If a parallelogram has two consecutive sides congruent, it is a
rhombus. 
A
parallelogram is a rhombus if and only if each diagonal bisects
a pair of opposite angles. 
A
parallelogram is a rhombus if and only if the diagonals are
perpendicular. 
Square 
A
square is a parallelogram with four congruent sides and four
right angles. 
A
quadrilateral is a square if and only if it is a rhombus and a
rectangle. 
Trapezoid 
A
trapezoid is a quadrilateral with exactly one pair of parallel
sides. 
Isosceles Trapezoid 
An
isosceles trapezoid is a trapezoid with congruent legs. 
A
trapezoid is isosceles if and only if the base angles are
congruent 
A
trapezoid is isosceles if and only if the diagonals are
congruent 
If a
trapezoid is isosceles, the opposite angles are supplementary. 
Circles:
Radius 
In a circle, a radius
perpendicular to a chord bisects the chord and the arc. 
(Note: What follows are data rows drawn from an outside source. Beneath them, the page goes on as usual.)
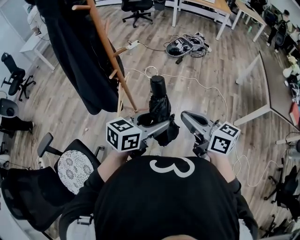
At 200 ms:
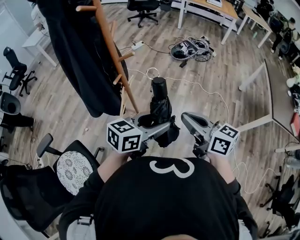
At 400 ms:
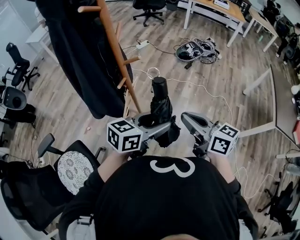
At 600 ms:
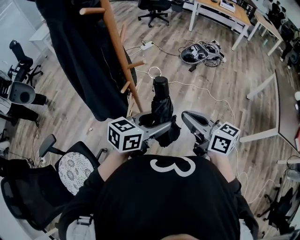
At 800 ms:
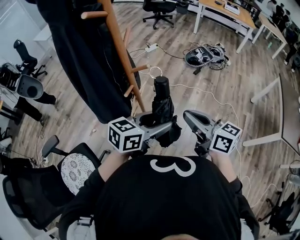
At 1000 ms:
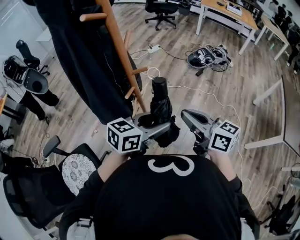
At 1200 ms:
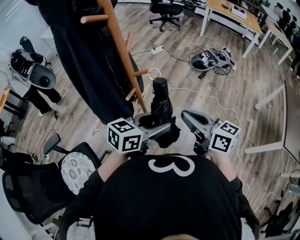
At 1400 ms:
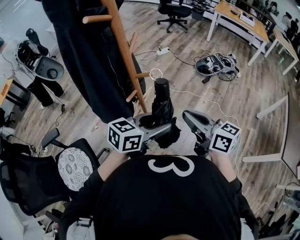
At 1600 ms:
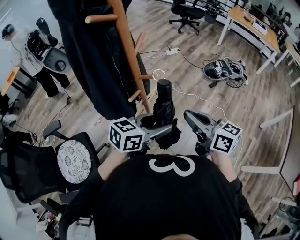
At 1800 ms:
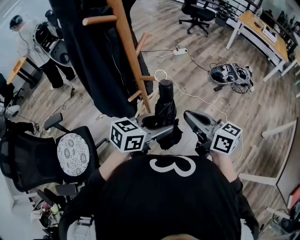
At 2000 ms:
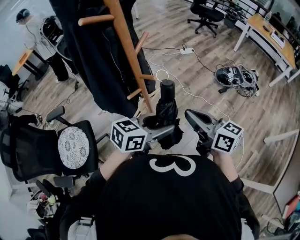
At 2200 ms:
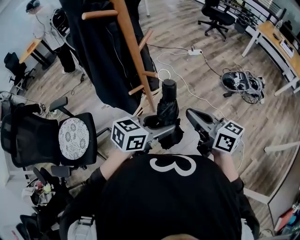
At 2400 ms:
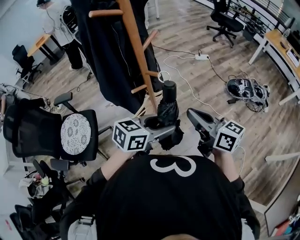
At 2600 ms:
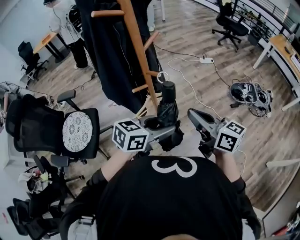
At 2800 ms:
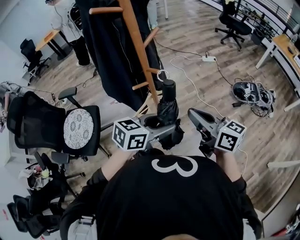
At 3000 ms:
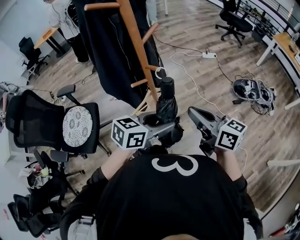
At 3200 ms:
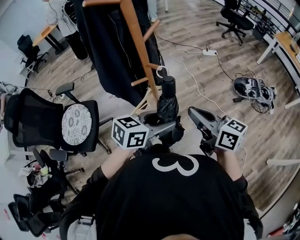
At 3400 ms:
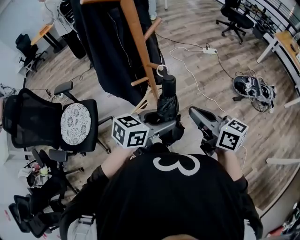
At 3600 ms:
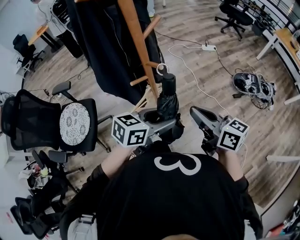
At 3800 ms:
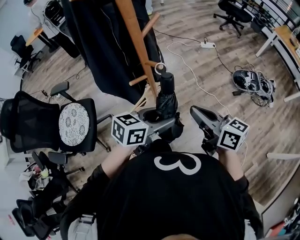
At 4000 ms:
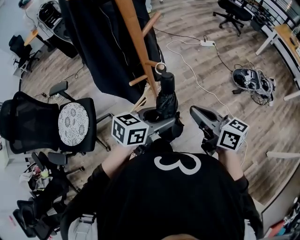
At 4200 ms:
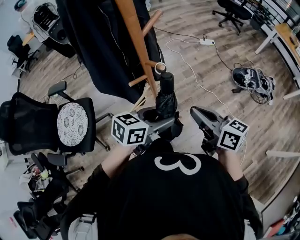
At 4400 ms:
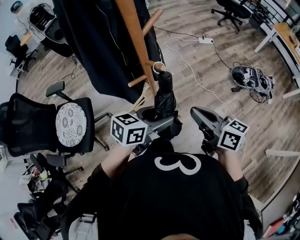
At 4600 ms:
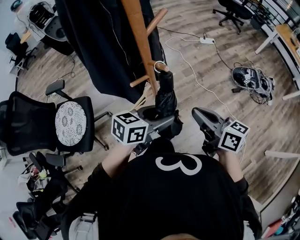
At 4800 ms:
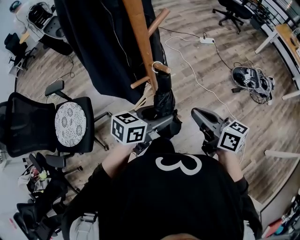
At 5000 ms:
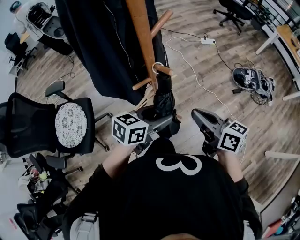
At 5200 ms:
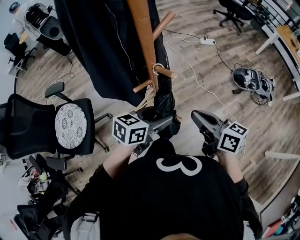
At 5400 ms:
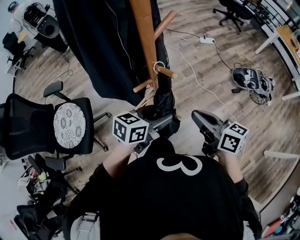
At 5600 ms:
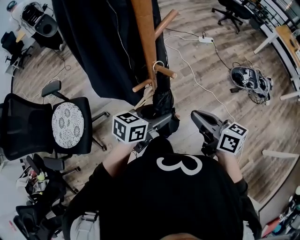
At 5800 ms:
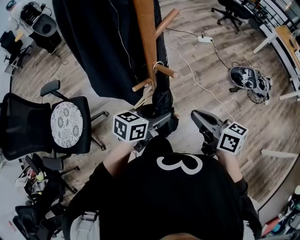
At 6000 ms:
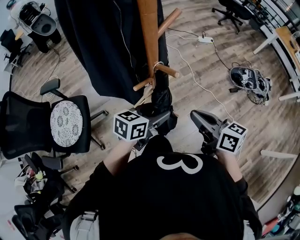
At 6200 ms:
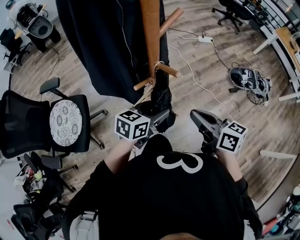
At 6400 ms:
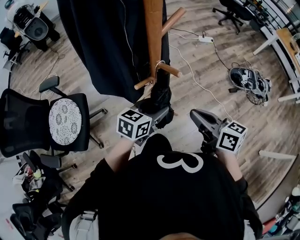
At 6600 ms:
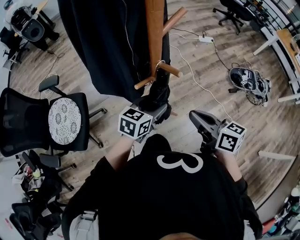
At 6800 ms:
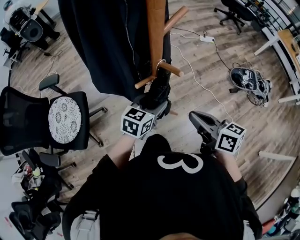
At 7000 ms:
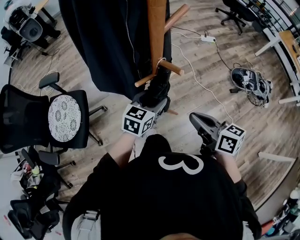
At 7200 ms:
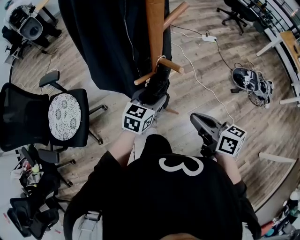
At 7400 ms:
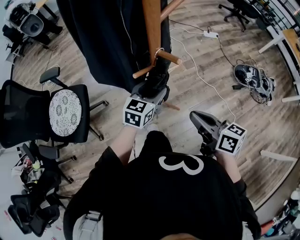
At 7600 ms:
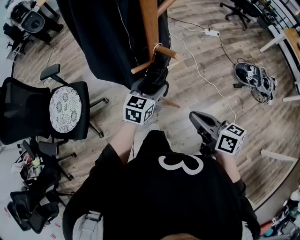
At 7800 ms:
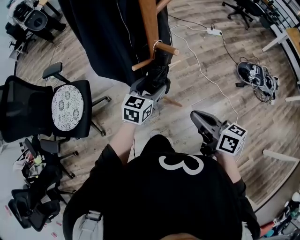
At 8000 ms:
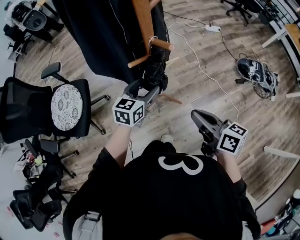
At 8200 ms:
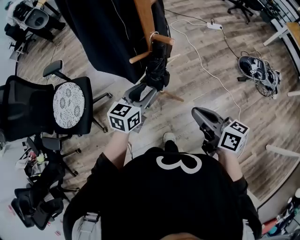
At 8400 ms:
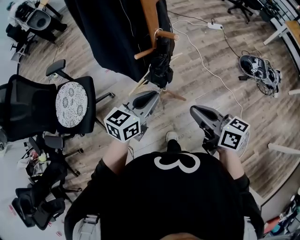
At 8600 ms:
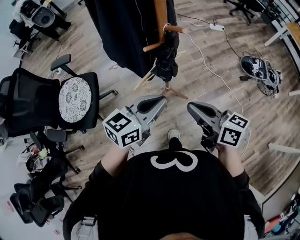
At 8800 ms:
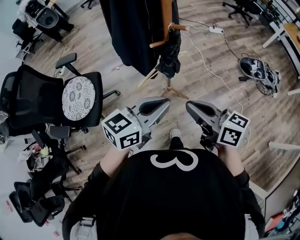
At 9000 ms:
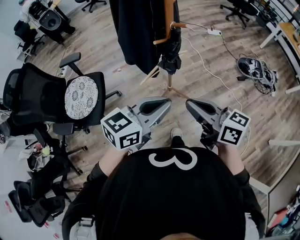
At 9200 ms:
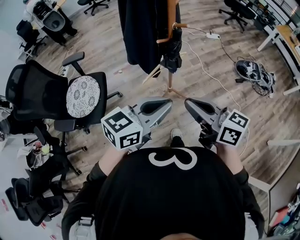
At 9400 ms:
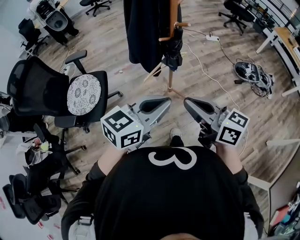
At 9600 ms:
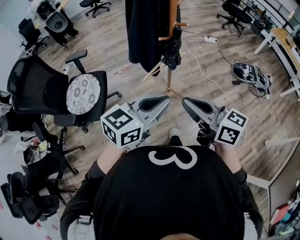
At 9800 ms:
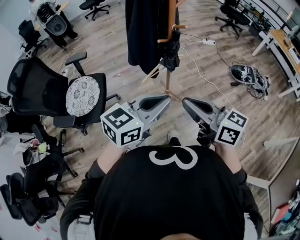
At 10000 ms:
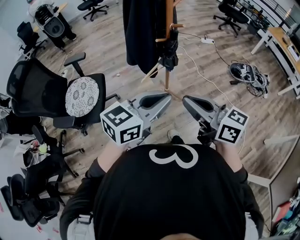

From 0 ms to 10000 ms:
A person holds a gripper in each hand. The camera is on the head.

In a circle, a radius that bisects
a chord is perpendicular to the chord. 
In a circle, the perpendicular bisector of a chord
passes through the center of the circle.

If a line is tangent to a circle,
it is perpendicular to the radius drawn to the point of tangency. 
Chords 
In a circle, or congruent circles, congruent
chords are equidistant from the center. (and converse)
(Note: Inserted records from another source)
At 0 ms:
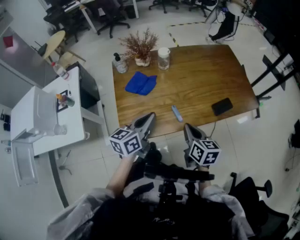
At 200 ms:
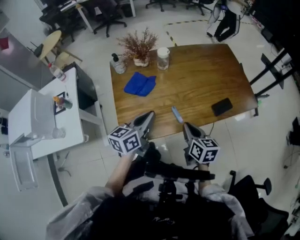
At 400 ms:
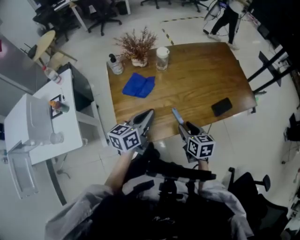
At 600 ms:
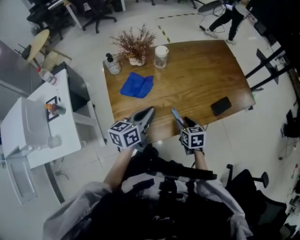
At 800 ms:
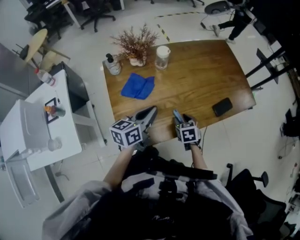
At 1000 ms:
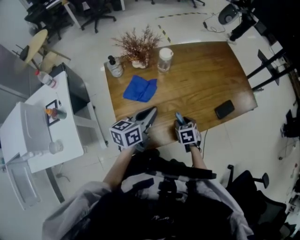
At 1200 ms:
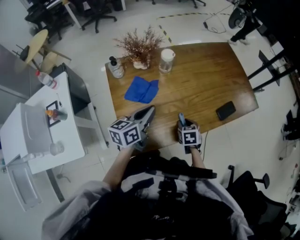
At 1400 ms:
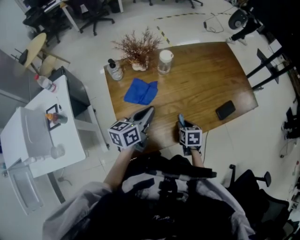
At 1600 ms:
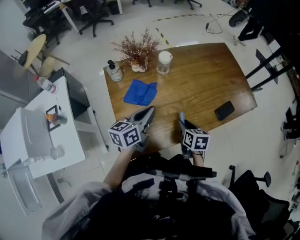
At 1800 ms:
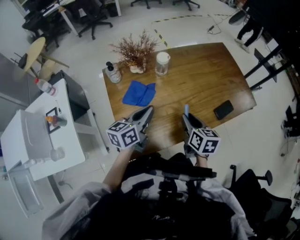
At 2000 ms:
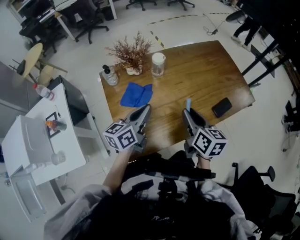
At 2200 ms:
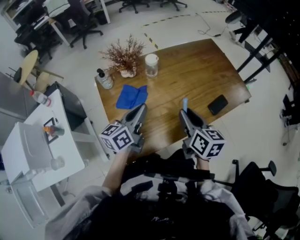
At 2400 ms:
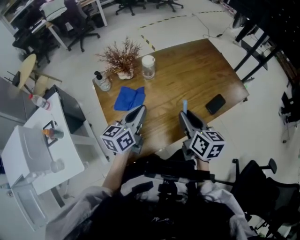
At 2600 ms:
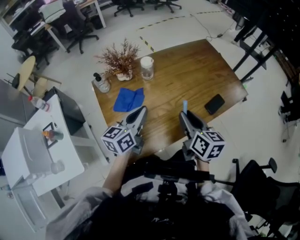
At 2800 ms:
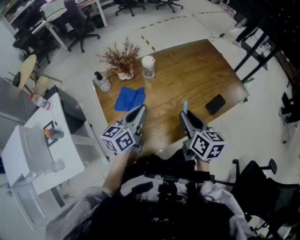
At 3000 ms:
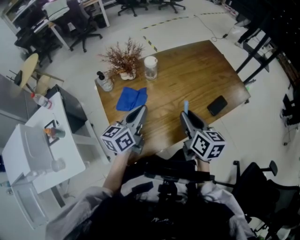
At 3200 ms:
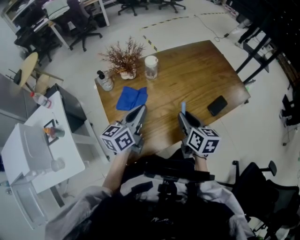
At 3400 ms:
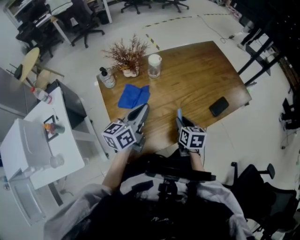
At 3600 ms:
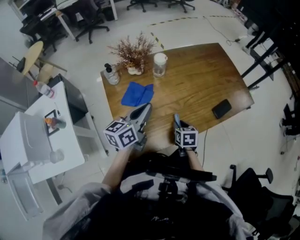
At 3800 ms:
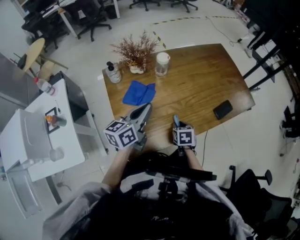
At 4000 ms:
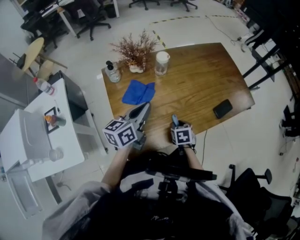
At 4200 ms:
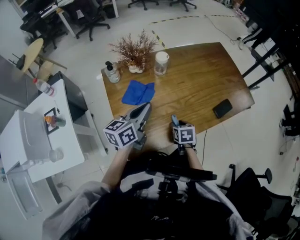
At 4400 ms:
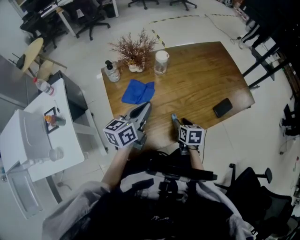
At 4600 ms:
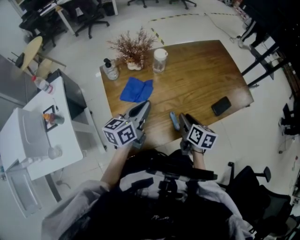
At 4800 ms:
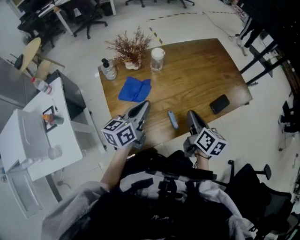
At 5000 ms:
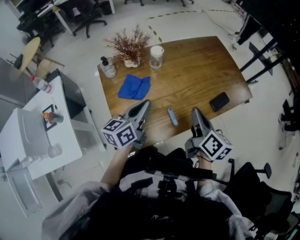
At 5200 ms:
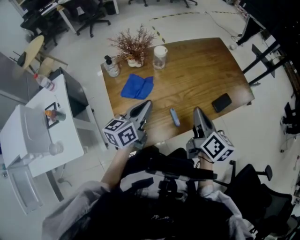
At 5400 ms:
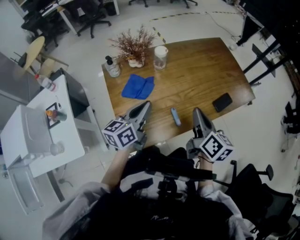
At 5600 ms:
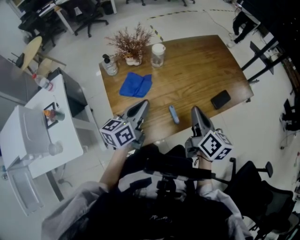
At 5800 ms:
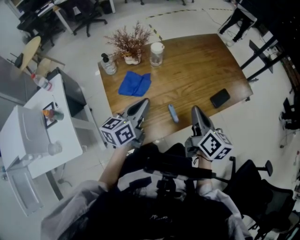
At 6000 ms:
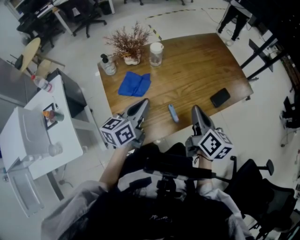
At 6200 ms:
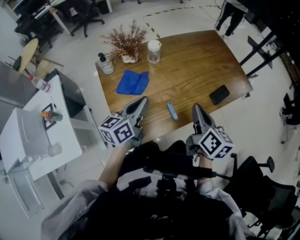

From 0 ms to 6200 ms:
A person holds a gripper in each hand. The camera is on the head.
From 0 ms to 1600 ms: The right gripper goes some 15 cm downward, forward and to the left, and opens, while the left gripper shifts approximately 10 cm forward and to the left.
From 1600 ms to 3200 ms: The right gripper heads upward, covering roughly 10 cm.
From 3200 ms to 4600 ms: The right gripper goes some 5 cm downward.
From 4600 ms to 6200 ms: The right gripper shifts about 10 cm upward, and closes its fingers.

In a circle, or congruent circles,
congruent chords have congruent arcs. (and converse0 
In a circle, parallel chords
intercept congruent arcs 
In the same circle, or congruent
circles, congruent central angles have congruent chords (and
converse) 
Tangents 
Tangent segments to a circle from
the same external point are congruent 
Arcs 
In the same circle, or congruent
circles, congruent central angles have congruent arcs. (and
converse) 
Angles 
An angle inscribed in a
semicircle is a right angle. 
In a circle, inscribed angles that intercept the
same arc are congruent. 
The opposite angles in a cyclic
quadrilateral are supplementary 
In a circle, or congruent circles,
congruent central angles have congruent arcs.